(Problem to solve) In the material below, find the line containing "#735=CARTESIAN_POINT('',(-0.018,0.019496,0.01042));" and the line containing "#756=CARTESIAN_POINT('',(-0.018,-0.018292,0.012223));", then reproduce exactly both of them and every line between, and nothing else.

(Data to use)

[Start of Attachment]

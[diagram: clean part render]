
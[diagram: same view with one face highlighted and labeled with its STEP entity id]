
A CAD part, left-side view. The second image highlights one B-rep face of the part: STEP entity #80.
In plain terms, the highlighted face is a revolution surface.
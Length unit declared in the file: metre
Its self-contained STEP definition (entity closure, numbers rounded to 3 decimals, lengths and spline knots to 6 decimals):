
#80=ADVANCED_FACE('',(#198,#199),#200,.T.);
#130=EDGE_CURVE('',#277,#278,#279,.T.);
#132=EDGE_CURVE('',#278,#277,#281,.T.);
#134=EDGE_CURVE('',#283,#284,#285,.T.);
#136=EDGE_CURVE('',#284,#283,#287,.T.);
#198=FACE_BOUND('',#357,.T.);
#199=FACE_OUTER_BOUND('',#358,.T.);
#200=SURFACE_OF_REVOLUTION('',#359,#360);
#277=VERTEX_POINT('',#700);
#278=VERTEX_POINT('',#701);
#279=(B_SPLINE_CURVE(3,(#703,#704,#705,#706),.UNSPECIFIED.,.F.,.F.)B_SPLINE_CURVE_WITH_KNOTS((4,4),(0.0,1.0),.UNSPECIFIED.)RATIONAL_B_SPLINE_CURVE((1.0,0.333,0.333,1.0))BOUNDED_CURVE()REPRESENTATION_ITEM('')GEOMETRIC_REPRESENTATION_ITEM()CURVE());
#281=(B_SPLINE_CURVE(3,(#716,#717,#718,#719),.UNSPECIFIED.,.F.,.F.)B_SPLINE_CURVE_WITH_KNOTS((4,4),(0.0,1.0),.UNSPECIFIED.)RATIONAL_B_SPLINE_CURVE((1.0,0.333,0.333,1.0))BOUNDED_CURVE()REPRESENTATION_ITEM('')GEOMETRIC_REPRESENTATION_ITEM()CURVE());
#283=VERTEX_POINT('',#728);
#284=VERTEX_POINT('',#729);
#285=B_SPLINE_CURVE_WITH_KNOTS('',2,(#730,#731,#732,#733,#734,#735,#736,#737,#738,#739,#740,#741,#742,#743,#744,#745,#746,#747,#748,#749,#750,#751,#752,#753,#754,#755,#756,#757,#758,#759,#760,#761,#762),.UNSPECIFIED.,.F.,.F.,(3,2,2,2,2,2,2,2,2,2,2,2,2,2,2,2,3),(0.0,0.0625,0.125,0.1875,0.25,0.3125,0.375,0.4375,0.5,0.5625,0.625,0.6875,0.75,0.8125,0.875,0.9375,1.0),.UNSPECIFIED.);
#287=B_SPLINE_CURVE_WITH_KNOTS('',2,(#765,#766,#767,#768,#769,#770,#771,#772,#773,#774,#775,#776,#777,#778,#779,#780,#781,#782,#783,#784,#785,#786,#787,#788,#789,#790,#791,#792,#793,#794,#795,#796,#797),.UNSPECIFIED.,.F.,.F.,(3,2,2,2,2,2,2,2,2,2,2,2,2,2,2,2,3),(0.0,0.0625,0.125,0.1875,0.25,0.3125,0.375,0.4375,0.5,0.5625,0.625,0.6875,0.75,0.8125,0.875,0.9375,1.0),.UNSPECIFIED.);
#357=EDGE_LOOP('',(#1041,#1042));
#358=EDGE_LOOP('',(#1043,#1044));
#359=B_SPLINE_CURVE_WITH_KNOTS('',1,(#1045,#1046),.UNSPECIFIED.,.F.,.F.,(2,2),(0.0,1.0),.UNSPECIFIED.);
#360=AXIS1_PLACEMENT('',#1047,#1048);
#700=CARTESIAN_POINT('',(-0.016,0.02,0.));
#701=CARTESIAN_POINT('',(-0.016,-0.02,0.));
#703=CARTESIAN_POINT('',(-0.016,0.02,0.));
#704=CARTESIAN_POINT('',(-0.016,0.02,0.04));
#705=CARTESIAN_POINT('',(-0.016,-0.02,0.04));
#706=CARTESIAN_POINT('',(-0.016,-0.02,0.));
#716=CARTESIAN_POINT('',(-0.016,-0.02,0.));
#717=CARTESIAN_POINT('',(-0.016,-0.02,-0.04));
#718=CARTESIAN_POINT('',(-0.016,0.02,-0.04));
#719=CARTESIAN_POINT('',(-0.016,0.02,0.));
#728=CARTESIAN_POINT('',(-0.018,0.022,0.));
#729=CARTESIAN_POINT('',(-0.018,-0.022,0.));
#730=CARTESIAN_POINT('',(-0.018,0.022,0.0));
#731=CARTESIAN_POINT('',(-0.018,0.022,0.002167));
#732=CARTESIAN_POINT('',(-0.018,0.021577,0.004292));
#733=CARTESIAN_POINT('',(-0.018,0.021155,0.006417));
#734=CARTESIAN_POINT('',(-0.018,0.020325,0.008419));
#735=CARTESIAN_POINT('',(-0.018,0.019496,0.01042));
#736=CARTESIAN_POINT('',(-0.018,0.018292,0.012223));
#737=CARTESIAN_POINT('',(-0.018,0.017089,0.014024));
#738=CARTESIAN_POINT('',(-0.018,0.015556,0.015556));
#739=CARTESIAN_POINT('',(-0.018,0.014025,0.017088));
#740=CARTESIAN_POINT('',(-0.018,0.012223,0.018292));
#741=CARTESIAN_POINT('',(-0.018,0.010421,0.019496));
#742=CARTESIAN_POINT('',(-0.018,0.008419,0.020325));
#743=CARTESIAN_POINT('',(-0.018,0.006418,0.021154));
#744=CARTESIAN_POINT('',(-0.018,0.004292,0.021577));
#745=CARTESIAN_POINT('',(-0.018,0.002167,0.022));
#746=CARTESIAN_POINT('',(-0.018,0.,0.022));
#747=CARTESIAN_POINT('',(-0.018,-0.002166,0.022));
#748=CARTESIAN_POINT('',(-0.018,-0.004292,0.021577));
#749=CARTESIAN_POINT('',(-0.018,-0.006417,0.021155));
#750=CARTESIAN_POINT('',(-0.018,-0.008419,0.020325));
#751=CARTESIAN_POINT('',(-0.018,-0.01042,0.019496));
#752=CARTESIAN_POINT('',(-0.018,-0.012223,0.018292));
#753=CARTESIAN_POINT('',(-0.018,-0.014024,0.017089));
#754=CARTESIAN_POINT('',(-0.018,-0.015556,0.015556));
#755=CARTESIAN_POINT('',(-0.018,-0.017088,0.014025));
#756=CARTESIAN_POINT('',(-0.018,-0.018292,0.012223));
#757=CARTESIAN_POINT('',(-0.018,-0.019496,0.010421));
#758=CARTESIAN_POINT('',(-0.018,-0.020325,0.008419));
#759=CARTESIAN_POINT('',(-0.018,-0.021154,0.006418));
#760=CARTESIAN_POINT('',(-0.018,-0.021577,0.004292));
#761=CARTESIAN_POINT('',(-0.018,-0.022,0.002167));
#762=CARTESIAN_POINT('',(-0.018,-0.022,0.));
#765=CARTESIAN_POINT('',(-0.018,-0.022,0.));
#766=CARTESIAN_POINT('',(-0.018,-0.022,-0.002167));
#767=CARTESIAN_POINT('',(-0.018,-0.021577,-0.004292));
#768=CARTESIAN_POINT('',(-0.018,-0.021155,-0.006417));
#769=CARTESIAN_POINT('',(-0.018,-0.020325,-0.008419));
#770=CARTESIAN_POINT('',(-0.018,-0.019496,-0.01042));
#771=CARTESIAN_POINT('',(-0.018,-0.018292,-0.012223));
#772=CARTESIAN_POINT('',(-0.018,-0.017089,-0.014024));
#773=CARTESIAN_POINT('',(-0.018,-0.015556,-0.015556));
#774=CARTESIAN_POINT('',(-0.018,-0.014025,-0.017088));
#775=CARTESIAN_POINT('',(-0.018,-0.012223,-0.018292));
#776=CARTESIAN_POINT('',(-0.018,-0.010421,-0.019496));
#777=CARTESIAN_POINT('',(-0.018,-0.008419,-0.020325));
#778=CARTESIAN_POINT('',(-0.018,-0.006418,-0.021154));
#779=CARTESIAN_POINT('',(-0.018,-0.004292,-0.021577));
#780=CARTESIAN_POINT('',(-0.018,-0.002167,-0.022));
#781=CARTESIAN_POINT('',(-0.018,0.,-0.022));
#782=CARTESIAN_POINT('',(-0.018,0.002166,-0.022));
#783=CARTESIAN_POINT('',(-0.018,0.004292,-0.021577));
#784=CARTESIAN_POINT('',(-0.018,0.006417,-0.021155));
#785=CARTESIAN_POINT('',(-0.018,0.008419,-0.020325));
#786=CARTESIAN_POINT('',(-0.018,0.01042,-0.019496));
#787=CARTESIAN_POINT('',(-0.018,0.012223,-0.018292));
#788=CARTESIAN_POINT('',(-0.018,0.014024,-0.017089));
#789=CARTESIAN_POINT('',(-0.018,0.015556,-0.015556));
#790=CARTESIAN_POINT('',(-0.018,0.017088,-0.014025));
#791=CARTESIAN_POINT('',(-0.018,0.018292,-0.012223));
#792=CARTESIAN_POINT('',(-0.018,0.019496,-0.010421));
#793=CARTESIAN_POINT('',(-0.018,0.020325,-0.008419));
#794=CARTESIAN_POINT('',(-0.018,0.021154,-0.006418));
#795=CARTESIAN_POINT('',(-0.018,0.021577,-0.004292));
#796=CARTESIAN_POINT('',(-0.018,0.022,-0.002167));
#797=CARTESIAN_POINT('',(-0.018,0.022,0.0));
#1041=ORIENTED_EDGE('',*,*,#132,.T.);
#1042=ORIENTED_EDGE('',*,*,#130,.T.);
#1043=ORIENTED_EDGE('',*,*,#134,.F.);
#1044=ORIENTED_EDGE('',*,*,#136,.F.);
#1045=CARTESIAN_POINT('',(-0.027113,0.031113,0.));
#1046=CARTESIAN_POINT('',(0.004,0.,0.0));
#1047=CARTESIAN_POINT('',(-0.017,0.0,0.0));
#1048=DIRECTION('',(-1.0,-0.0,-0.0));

[End of Attachment]

(Output)
#735=CARTESIAN_POINT('',(-0.018,0.019496,0.01042));
#736=CARTESIAN_POINT('',(-0.018,0.018292,0.012223));
#737=CARTESIAN_POINT('',(-0.018,0.017089,0.014024));
#738=CARTESIAN_POINT('',(-0.018,0.015556,0.015556));
#739=CARTESIAN_POINT('',(-0.018,0.014025,0.017088));
#740=CARTESIAN_POINT('',(-0.018,0.012223,0.018292));
#741=CARTESIAN_POINT('',(-0.018,0.010421,0.019496));
#742=CARTESIAN_POINT('',(-0.018,0.008419,0.020325));
#743=CARTESIAN_POINT('',(-0.018,0.006418,0.021154));
#744=CARTESIAN_POINT('',(-0.018,0.004292,0.021577));
#745=CARTESIAN_POINT('',(-0.018,0.002167,0.022));
#746=CARTESIAN_POINT('',(-0.018,0.,0.022));
#747=CARTESIAN_POINT('',(-0.018,-0.002166,0.022));
#748=CARTESIAN_POINT('',(-0.018,-0.004292,0.021577));
#749=CARTESIAN_POINT('',(-0.018,-0.006417,0.021155));
#750=CARTESIAN_POINT('',(-0.018,-0.008419,0.020325));
#751=CARTESIAN_POINT('',(-0.018,-0.01042,0.019496));
#752=CARTESIAN_POINT('',(-0.018,-0.012223,0.018292));
#753=CARTESIAN_POINT('',(-0.018,-0.014024,0.017089));
#754=CARTESIAN_POINT('',(-0.018,-0.015556,0.015556));
#755=CARTESIAN_POINT('',(-0.018,-0.017088,0.014025));
#756=CARTESIAN_POINT('',(-0.018,-0.018292,0.012223));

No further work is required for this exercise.